Hey girls.. So tested again a minute ago with a cheap sainsbury one and very faint positive! What do I do now.. Wait and re test again to see if it gets stronger (if it is going to) or call clinic and ask them? Xxx 

Dora and ask I hope your af comes soon!!!!!! 
Sarah my boobs really hurt n are so veiny! Lol xxx


----------



## Sarahlo

Hey Lisa. hmmm strange you got a pregnant 1-2 weeks yesterday but only a fain't line today. clear blue is much less sensitive than most. if I was you I would wait and test on OTD or ask the clinic for bloods to be done. fingers crossed for you. My boobs only started hurting last night and not before but everyone is different.


----------



## lisalou1234

So annoying this bloody wait.. I guess it was on a lunch time wee and only had one a couple of hours before?
My boobs are normally really small so think they are hurting as being forced to grow!! I'm quite enjoying it! Lol xx


----------



## Sarahlo

Not sure but can you call the clinic and ask for blood test since you got a positive in clear blue? x


----------



## Dora26

Ask I feel a bit the same have had cramps for ages now and just nothing. I also have a massive headache today so surely she must be round the corner? Hope your arrives before Wednesday  .

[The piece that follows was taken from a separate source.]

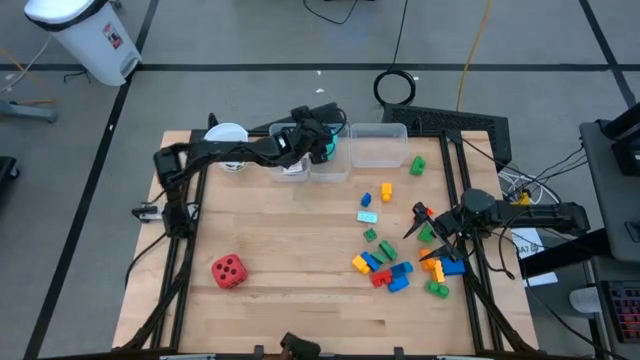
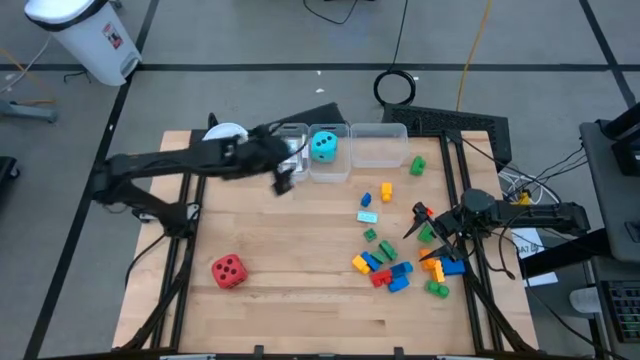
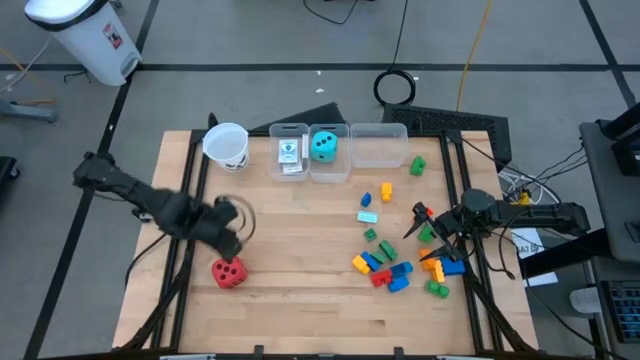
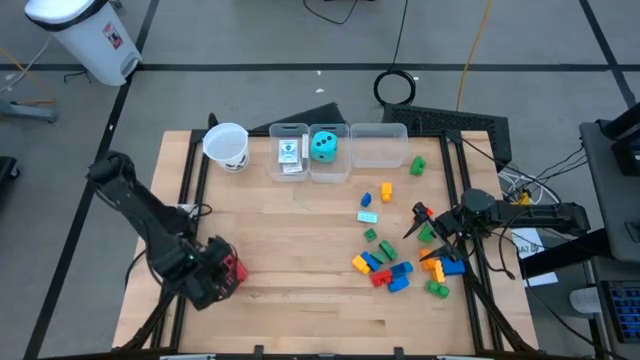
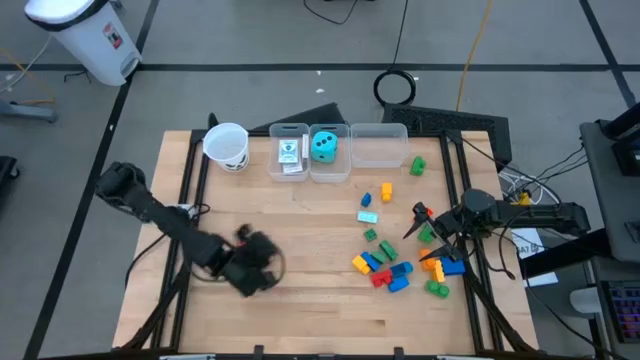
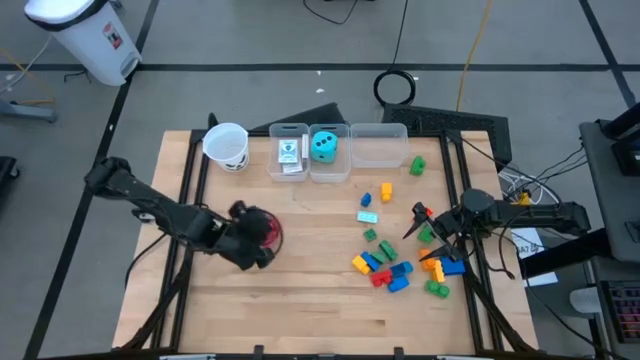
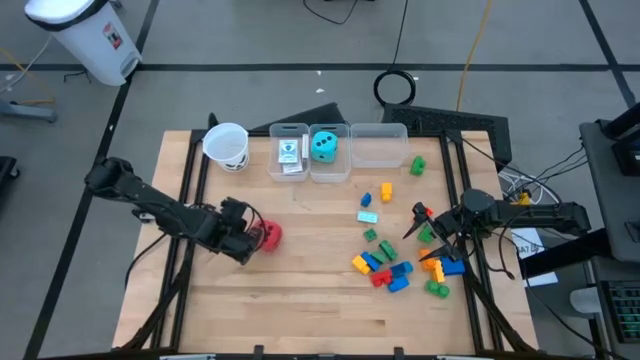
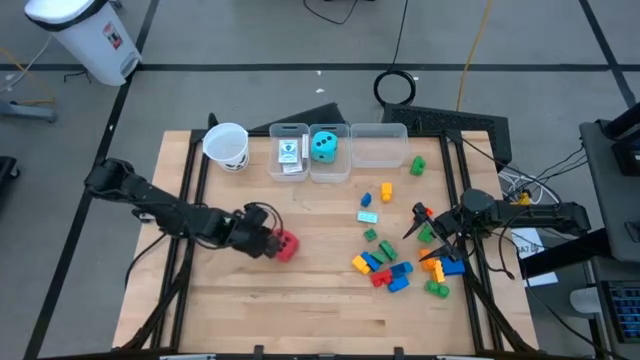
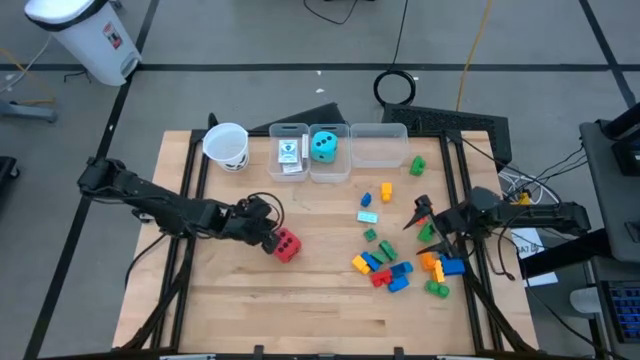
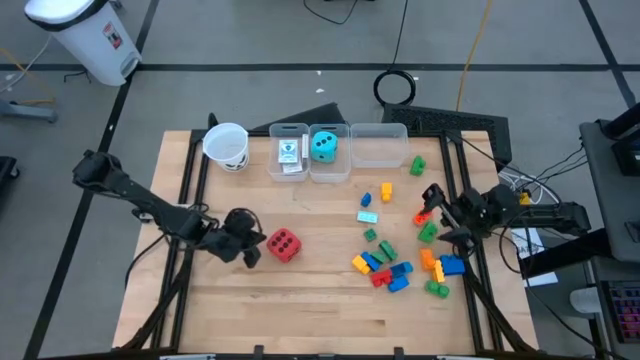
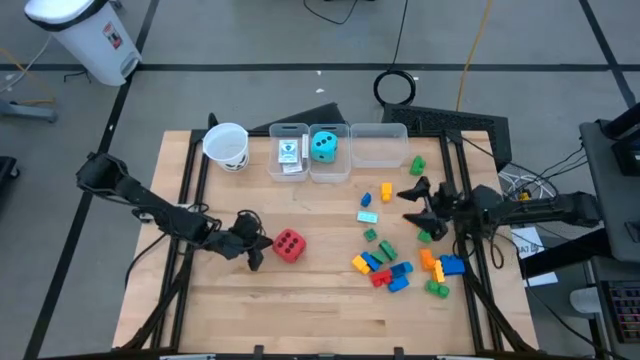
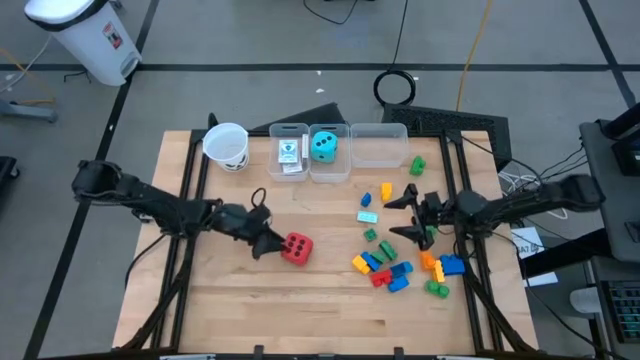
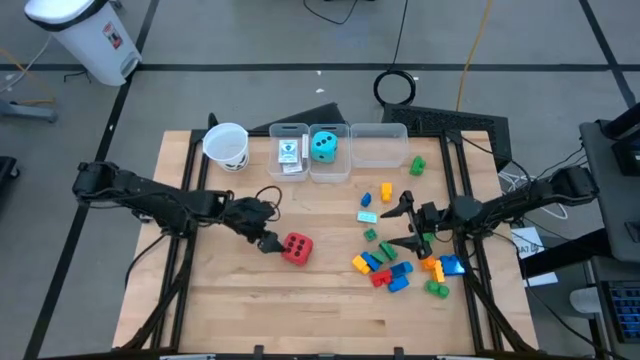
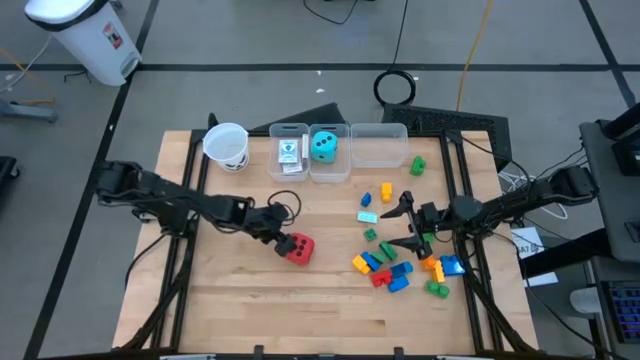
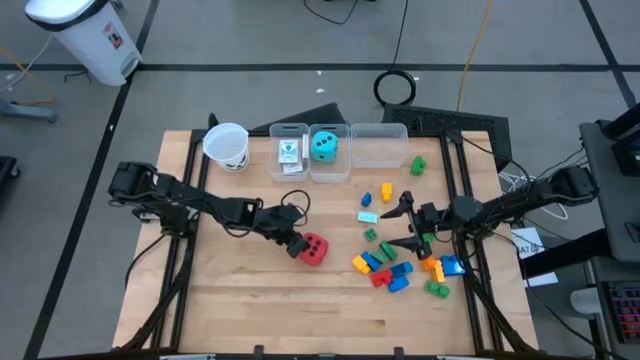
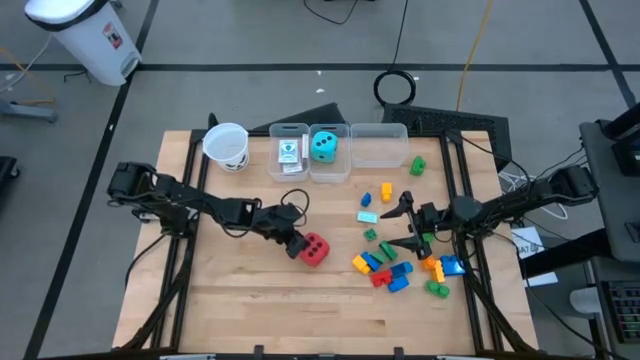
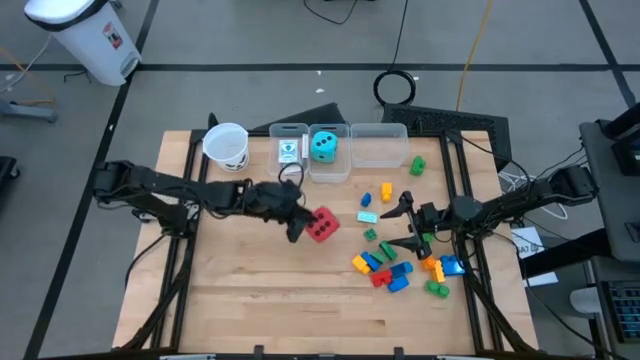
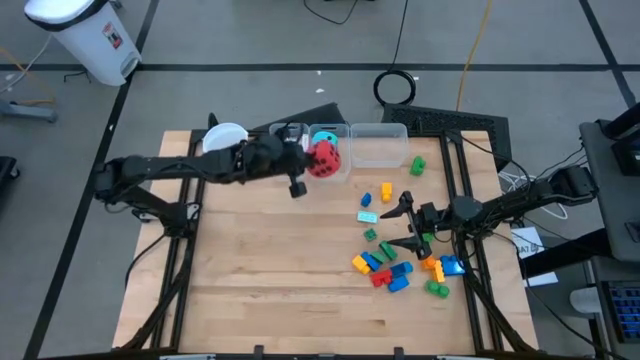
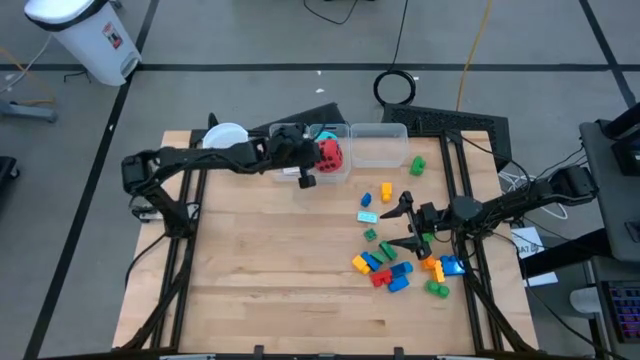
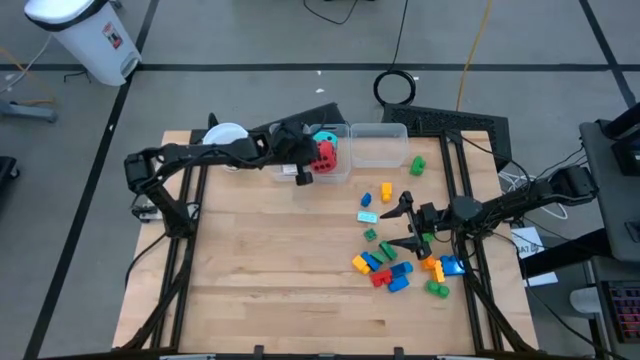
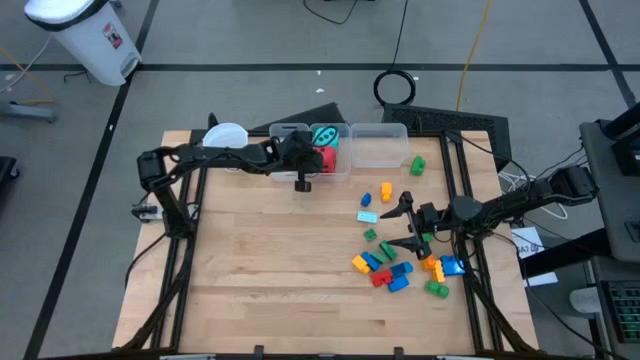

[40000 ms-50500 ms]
Task: Pick & Place Toys
Put the red dice into the middle transparent bin

Lisa I would call the clinic and let them know what is happening. When is your OTD? 

x


----------



## lisalou1234

It's not until Thursday so I'm just guessing they will day do a test then and call us! Easier said than done!eh!!! Xx


----------



## Sarahlo

yeah this is one of the problems in testing early getting mixed results. this is why they tell us not to test early but we still do lol x


----------



## Sallyt31

Having the worst AF ever!!  TMI... It's a none stop river flowing!  Sorry.
I have industrial size pads to cope! 😂
I swear I have lost pints and pints of blood 😳
In myself I'm feeling a bit more positive. I've contacted 2 clinics in Spain who have sent amazing amount of info to me to digest.  I do feel that's how my path will end up but I'm ok with that just not the amount I need for it but by god if I have a baby at the end of it I don't care at all. 
I am now praying Ask and Dora u get your AFs so we can get this journey back on for you guys! 
Lisa just ring and ask clinic and if say wait until Thursday u will just have to hon only 3 sleeps x


----------



## Dora26

Oh Sally, how awful for you! I feel like mine will be pretty bad too, the nurse said to me when we abandoned it's likely to be bad because of how many follicles I had so I am dreading when she does actually arrive!! I hope that yours will be a short one for you if you are bleeding so much! Mine tend to go that way! 
Glad you are feeling a bit more positive about it all though, it's good to do your research just in case and have a back up plan. 
Although I have waited so long for this AF to come I still feel in two minds about treatment this month, I just feel like it's been so hopeless so far with not even being able to get to trigger stage that I am not sure how I will feel if I don't make it again, but then I guess we have to keep trying and at least it doesn't count as a proper go. Need to have a word with myself and try to think positively and stop being a negative nancy!!

Lisa I would definitely phone the clinic and let them know, even if the line is faint...

x


----------



## lisalou1234

Thanks Sally And Dora this is a bloody nightmare!!! 
I've decided Im doing to get a early response in the shopping tonight and the do it first thing in the morning! If it's positive I'll call the clinic if it's negative I'll spend the next two days being disappointed! Lol!!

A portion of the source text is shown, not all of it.